Challenge.gov

U.S. General Services Administration & The White House Open Government

Government Challenges. Your Solutions.

Launch Challenge.gov

The Challenge

President Obama has recognized that “the challenges we face today - from saving our planet to ending poverty - are simply too big for government to solve alone. We need all hands on deck.”  The Federal government seeks to harness the expertise and insight that lies “outside the beltway” support the broad adoption of community solutions that work, and form high-impact collaborations with researchers, the private sector and civil society, to solve tough problems.

The Solution

At the outset of his Administration, President Barack Obama signed the Memorandum on Transparency and Open Government, committing the Administration to creating a more transparent, participatory, and collaborative government. On December 8, 2009, the Office of Management and Budget (OMB) issued the Open Government Directive, which required executive departments and agencies to take specific actions to further the principles established by the President’s memorandum. The Directive also tasked OMB with issuing guidance for the increased use of challenges and prizes.  This Memorandum on Innovation Challenges and Prizes (PDF format) of March 8, 2010 highlights for agencies policy and legal issues related to the use of prizes and challenges as tools for promoting open government, innovation, and other national priorities. As a result of this guidance, GSA was tasked with creating an online challenge platform that allowed entrepreneurs, innovators, and the public to compete for prestige and prizes by providing the government with novel solutions to tough problems, large and small. 
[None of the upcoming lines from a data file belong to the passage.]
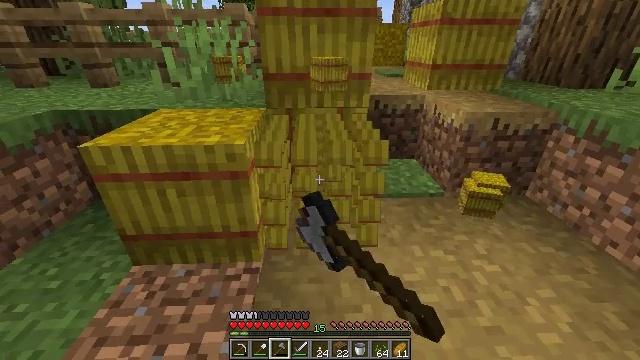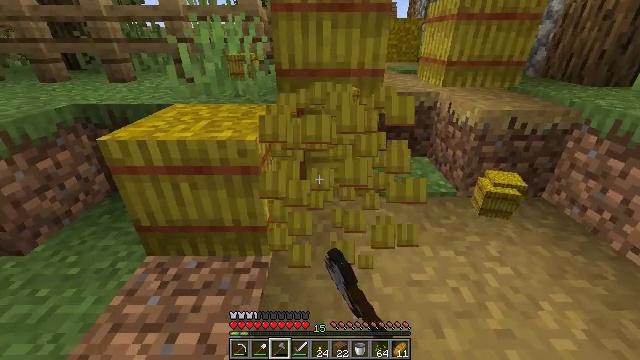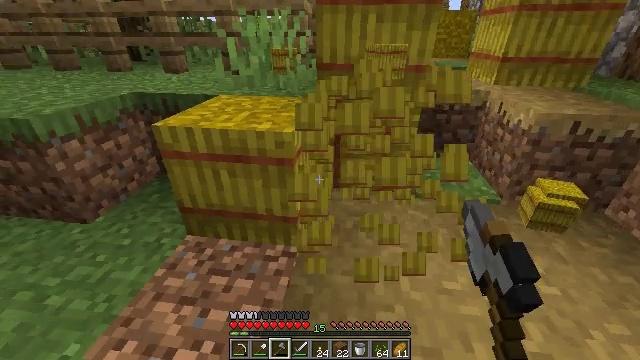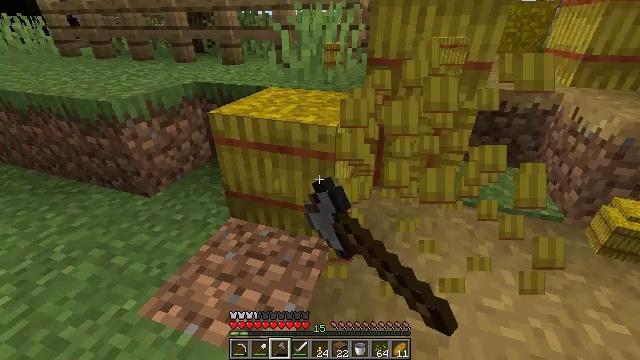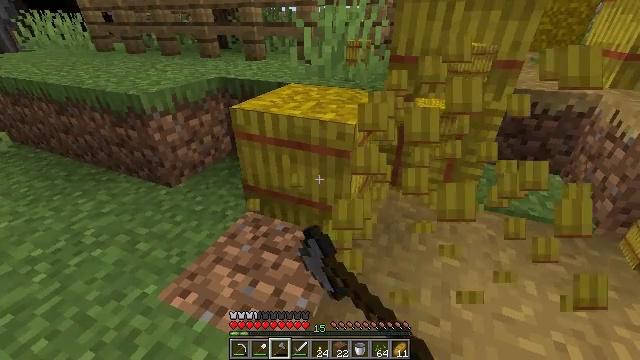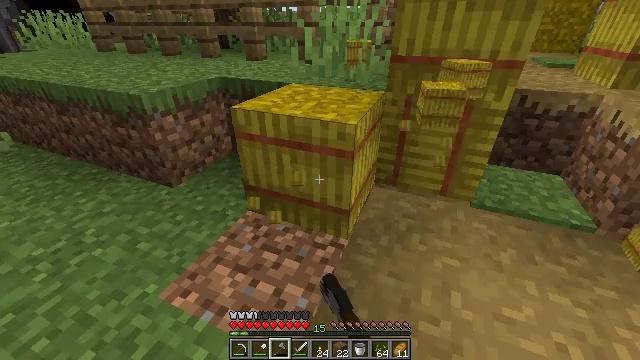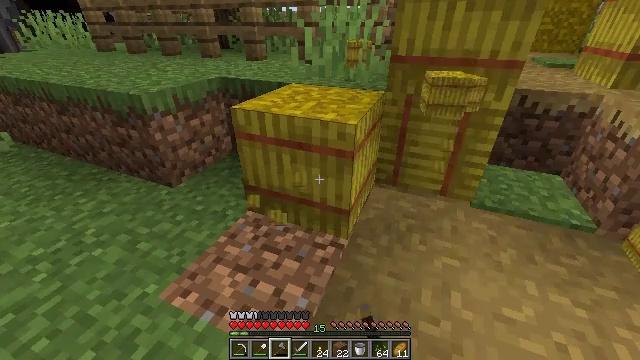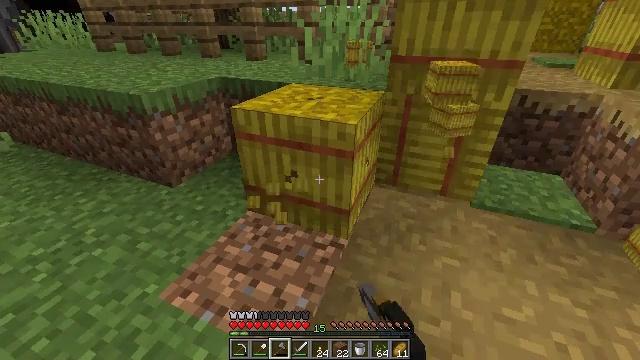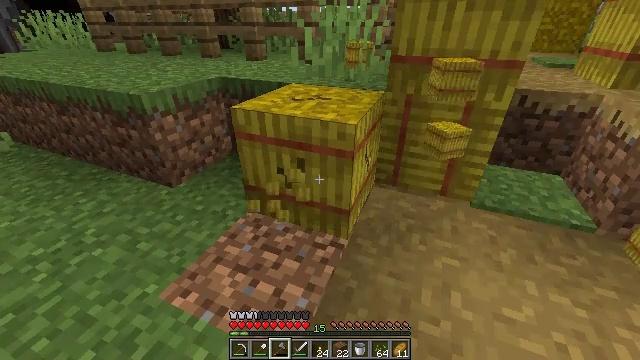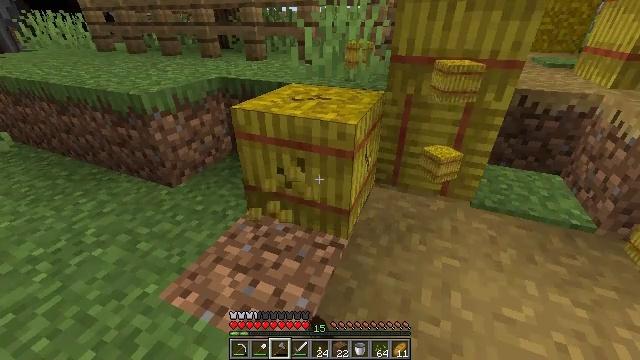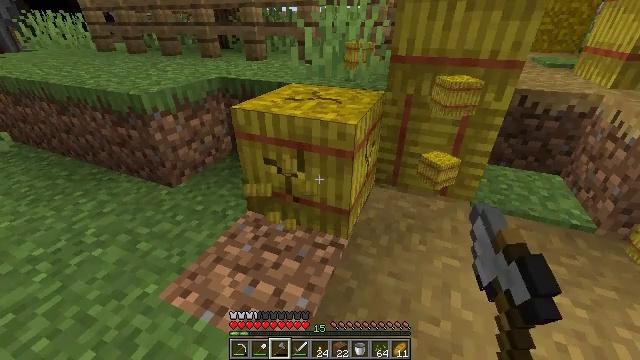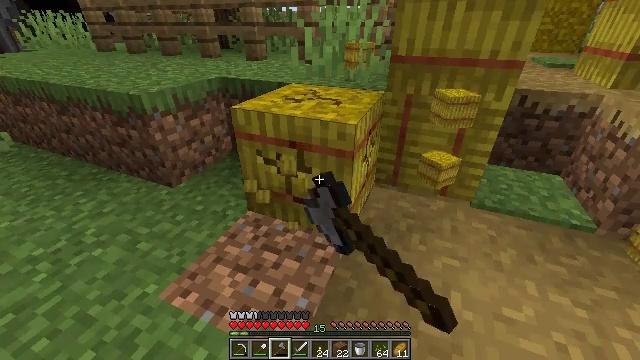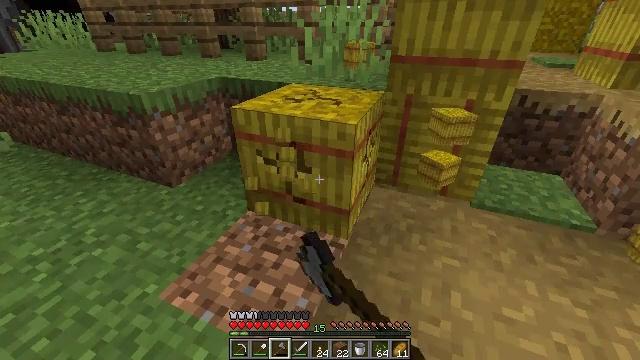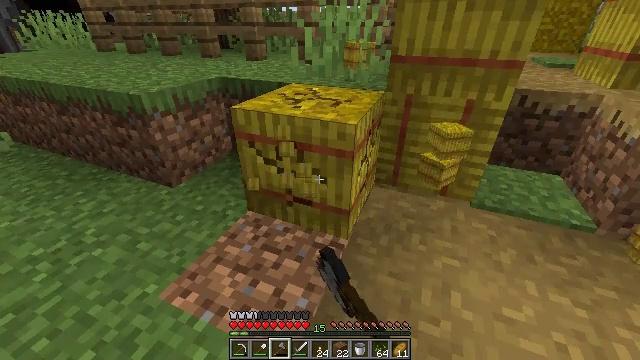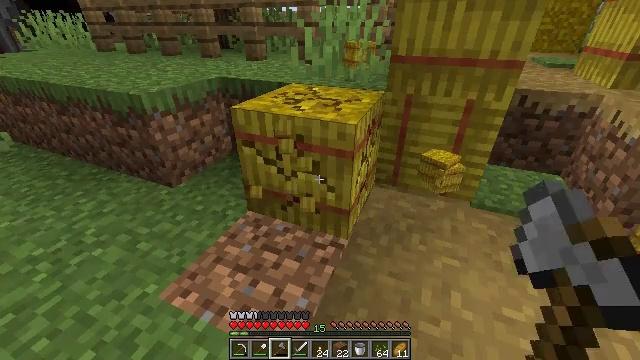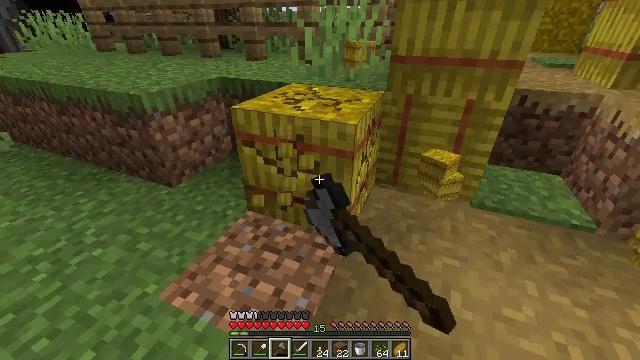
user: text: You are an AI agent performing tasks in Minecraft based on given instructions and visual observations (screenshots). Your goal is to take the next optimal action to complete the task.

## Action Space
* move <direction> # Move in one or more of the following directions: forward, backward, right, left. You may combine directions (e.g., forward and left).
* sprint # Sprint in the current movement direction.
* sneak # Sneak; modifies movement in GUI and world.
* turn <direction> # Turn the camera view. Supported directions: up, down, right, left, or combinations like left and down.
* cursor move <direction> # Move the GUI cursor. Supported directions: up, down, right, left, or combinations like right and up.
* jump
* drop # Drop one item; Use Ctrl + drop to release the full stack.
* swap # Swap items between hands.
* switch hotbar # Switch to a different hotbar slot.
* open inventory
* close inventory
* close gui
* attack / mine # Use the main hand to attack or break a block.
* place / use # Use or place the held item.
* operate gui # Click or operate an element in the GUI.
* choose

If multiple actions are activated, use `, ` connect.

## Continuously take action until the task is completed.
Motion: motion action
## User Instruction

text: Attack the hay block to get hay.
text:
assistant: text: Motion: turn left, attack / mine
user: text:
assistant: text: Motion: turn left and down, attack / mine
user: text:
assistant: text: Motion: turn left and down, attack / mine
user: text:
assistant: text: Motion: turn left, attack / mine
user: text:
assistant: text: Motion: attack / mine
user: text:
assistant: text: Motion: attack / mine
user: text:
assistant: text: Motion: attack / mine
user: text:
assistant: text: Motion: attack / mine
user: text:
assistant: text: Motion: attack / mine
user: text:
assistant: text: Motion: attack / mine
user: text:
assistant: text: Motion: attack / mine
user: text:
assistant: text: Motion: attack / mine
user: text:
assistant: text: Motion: attack / mine
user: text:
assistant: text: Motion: attack / mine
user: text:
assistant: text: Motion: attack / mine
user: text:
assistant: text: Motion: attack / mine
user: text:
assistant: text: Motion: attack / mine
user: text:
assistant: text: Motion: attack / mine
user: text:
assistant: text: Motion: attack / mine
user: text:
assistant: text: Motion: attack / mine
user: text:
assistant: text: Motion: turn right, attack / mine
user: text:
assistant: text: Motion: move forward, turn right, attack / mine
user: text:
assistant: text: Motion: move forward, turn right and up, attack / mine
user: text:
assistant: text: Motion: move forward and move left, turn right, attack / mine
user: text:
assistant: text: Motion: move forward and move left, turn right, attack / mine
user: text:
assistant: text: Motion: move forward and move left, turn right, attack / mine
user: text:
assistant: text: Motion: move forward and move left, turn right and down, attack / mine
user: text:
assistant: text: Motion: move forward and move left, turn right, attack / mine
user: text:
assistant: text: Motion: turn right, attack / mine
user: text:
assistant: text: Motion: turn right, attack / mine

On September 7, 2010, Challenge.gov was launched, making it easy for federal agencies to launch challenges and for the public to share their solutions and innovations with the government. On Challenge.gov, agencies can use challenges and prizes to find innovative and cost–effective solutions or improvements to ideas, products and processes. The public  can find challenges that interest them, support, share and discuss those that are important to them with friends, and solve them.

The Benefit

With Challenge.gov, the government can now identify the goal without first choosing the approach or team most likely to succeed, and pay only for performance if a winning solution is submitted. Challenges and prizes can tap into innovations from unexpected people and places.  Challenges, prizes, and other incentive-backed strategies raise awareness, encourage participation and collaboration, spur investment and improve open government.

"This is a fundamental shift in power," Vivek Kundra, federal chief information officer, said at the Gov 2.0 Summit conference announcing Challenge.gov, along with Aneesh Chopra, White House chief technology officer. "Challenge.gov will build out an accountable, results-oriented ecosystem that is fueled by grassroots, bottom-up organizations in the public."
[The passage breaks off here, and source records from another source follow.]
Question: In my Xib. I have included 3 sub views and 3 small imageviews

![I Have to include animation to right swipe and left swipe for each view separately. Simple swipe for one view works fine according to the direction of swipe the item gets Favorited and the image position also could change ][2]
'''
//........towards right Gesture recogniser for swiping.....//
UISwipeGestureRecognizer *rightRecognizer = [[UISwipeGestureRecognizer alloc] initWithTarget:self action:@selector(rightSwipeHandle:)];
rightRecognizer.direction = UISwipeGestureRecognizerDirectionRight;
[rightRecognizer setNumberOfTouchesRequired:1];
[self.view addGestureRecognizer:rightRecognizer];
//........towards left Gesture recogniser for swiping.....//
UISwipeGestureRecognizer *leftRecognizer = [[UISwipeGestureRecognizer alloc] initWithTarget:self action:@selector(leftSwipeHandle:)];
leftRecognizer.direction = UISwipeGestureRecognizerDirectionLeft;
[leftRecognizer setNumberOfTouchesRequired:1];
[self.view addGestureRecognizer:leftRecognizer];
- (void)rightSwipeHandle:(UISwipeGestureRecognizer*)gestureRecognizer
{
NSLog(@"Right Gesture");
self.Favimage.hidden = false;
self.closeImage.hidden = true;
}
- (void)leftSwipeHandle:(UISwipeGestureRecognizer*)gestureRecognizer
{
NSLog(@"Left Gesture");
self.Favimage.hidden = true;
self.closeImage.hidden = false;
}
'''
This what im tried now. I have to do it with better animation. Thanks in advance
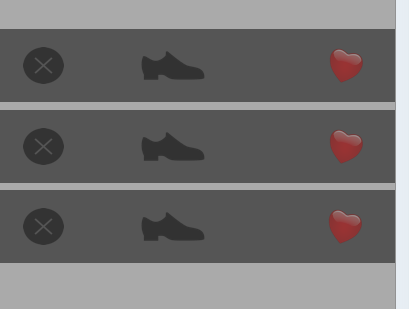
Answer: i think. This is what you are looking for
'''
- (void)rightSwipeHandle:(UISwipeGestureRecognizer*)gestureRecognizer
{
NSLog(@"Right Gesture");
self.closeImage.hidden = true;
// self.shoe.hidden = true;
//Do moving
CGRect finalFrame = CGRectMake(150,5, 64, 63);
[UIView animateWithDuration:0.5 animations:^{
_shoe.frame = finalFrame;
self.Favimage.hidden = true;
} completion:^(BOOL finished) {
self.Favimage.hidden = false;
// [_Favimage removeFromSuperview];
//[_Favimage removeFromSuperview];
//[self.view removeGestureRecognizer:gestureRecognizer];
}];
}
- (void)leftSwipeHandle:(UISwipeGestureRecognizer*)gestureRecognizer
{
NSLog(@"Left Gesture");
self.Favimage.hidden = true;
self.closeImage.hidden = false;
CGRect finalFrame = CGRectMake(77,5, 70, 63);
[UIView animateWithDuration:0.5 animations:^{
_shoe.frame = finalFrame;
} completion:^(BOOL finished) {
//self.Favimage.hidden = false;
//[_Favimage removeFromSuperview];
//[_Favimage removeFromSuperview];
//[self.view removeGestureRecognizer:gestureRecognizer];
}];
// do moving
}
'''
try this one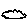
Label: cloud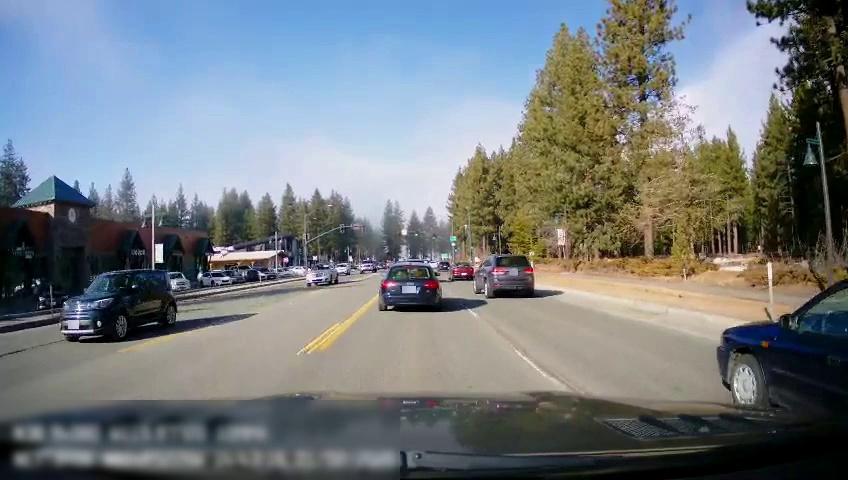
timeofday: Day
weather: Sunny
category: Drivable Space
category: Vehicles | SUV
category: Vehicles | Car
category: Vehicles | SUV
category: Vehicles | Car
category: Vehicles | Car
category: Vehicles | SUV
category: Vehicles | Car
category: Vehicles | SUV
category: Vehicles | SUV
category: Vehicles | SUV
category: Vehicles | Truck
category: Vehicles | Car
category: Vehicles | SUV
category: Vehicles | Car
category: Lanes | Opposite Lane
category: Lanes | Current Lane
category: Lanes | Current Lane
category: Lanes | Alternate Lane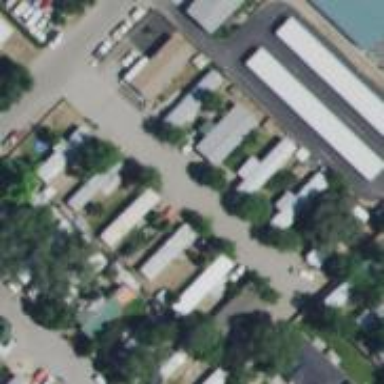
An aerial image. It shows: Residential area designated as trailer park.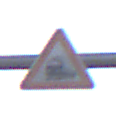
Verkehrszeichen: Bahnuebergang
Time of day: SunriseSunset
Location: Outdoor (Suburban)
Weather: Clear
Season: NotSpecified
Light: Natural

The U.S. General Services Administration saved time and money by creating one platform for all of government. This “create once, use many” approach has made it easy for other agencies to launch challenges. GSA has done the heavy lifting by making available a free tool that has passed policy reviews for security, privacy, accessibility, the Children’s Online Protection Act, and other federal requirements. GSA has tested the platform so it is user-friendly for both federal employees posting challenges, as well as the public supporting challenges and proposing solutions.

Additional Details

Challenge.gov measures success along four dimensions: Time, Cost, Quality, and Reach.
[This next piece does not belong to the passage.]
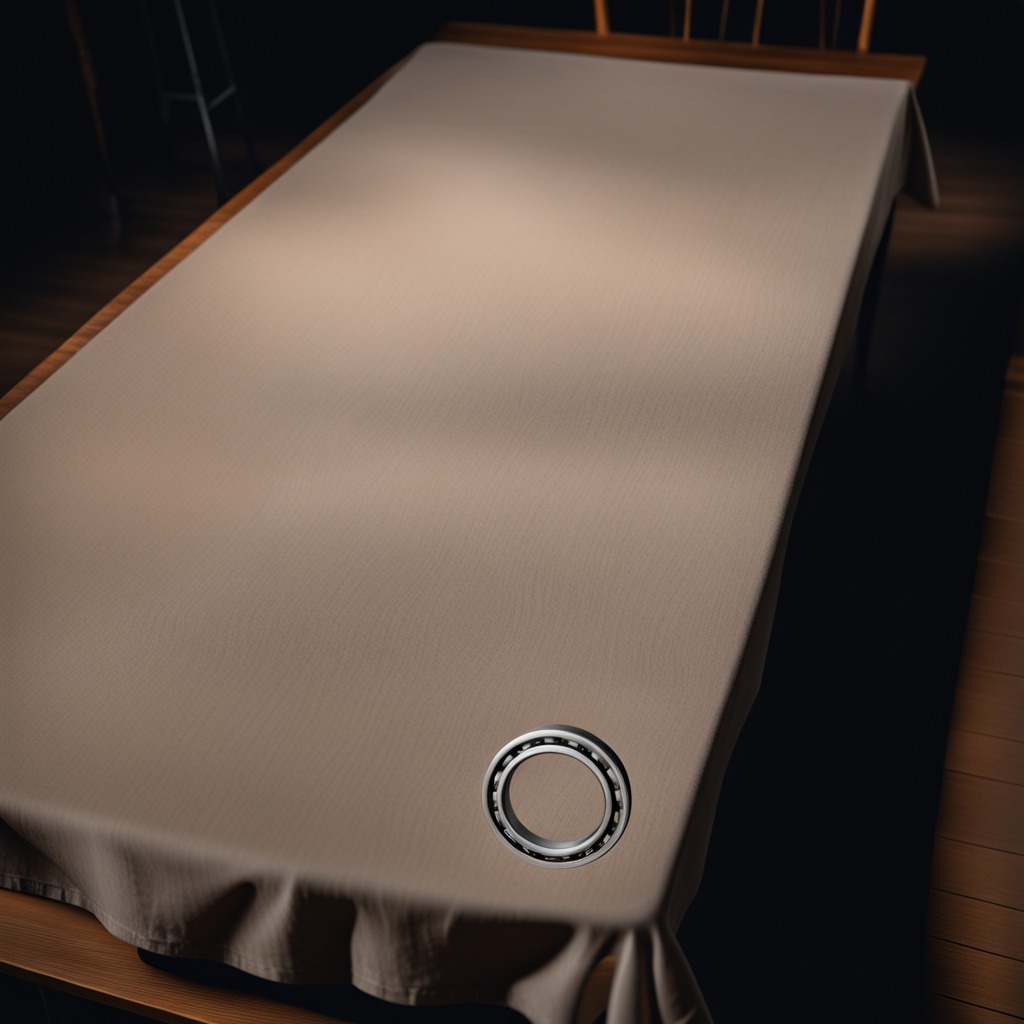
A metal ball bearing lies on the wooden table.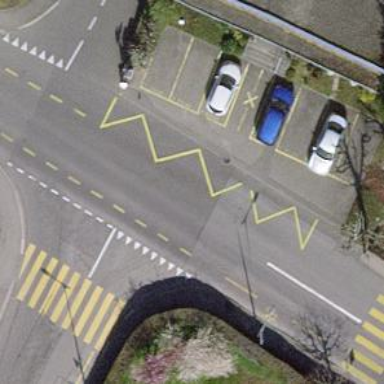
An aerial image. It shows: Unclassified road with asphalt surface. It has designated cycle lane.

Challenge.gov has produced major time and cost savings to agencies by providing a unified platform for them to use. This has produced significant results in terms of time and cost savings.

While each agency is responsible for the quality of the challenges it posts on Challenge.gov, there is strong evidence that the site provides an effective experience for citizens and agencies.  Challenge.gov launched on September 7, 2010 with more than 35 challenges from 15 agencies. As of November 2010, the site features 51 challenges from 25 agencies. Since the launch of Challenge.gov, at least three challenges have concluded or moved to the voting stage:

  • Kids.gov – Received 29 submissions for their “How Do I Become President” Poster Challenge. The contest was in the public voting phase until November 22. Watch Challenge.gov for the announcement of the winners.
  • Apps for Healthy Kids – This challenge received 100 submissions from 29 states. The 11 winning teams attended a White House reception, met the U.S. CTO and the Secretaries of Agriculture and Health and Human Services, and received $60,000 in prizes. Clearly, the cost to procure these apps in a traditional way would far exceed the $60,000 prize purse. 
  • The DOE/Progressive Automotive X Prize challenged the private sector to build a production capable car that gets 100 miles per gallon. The $10 million prize yielded $100 million in investment.

GSA also invested in intensive usability and accessibility testing, and created a uniform challenge posting template, to provide all citizens with an excellent user experience.

As a result, the reach of Challenge.gov has been high. Since launch, the Center’s staff has been invited to speak at many meetings and conferences, including the Impact Alliance, Potomac Forum, White House Office of Science and Technology Policy - Prizes & Challenges to Accelerate Problem Solving, and the GW Office of Entrepreneurship & iStrategyLabs Gov 2.0 event.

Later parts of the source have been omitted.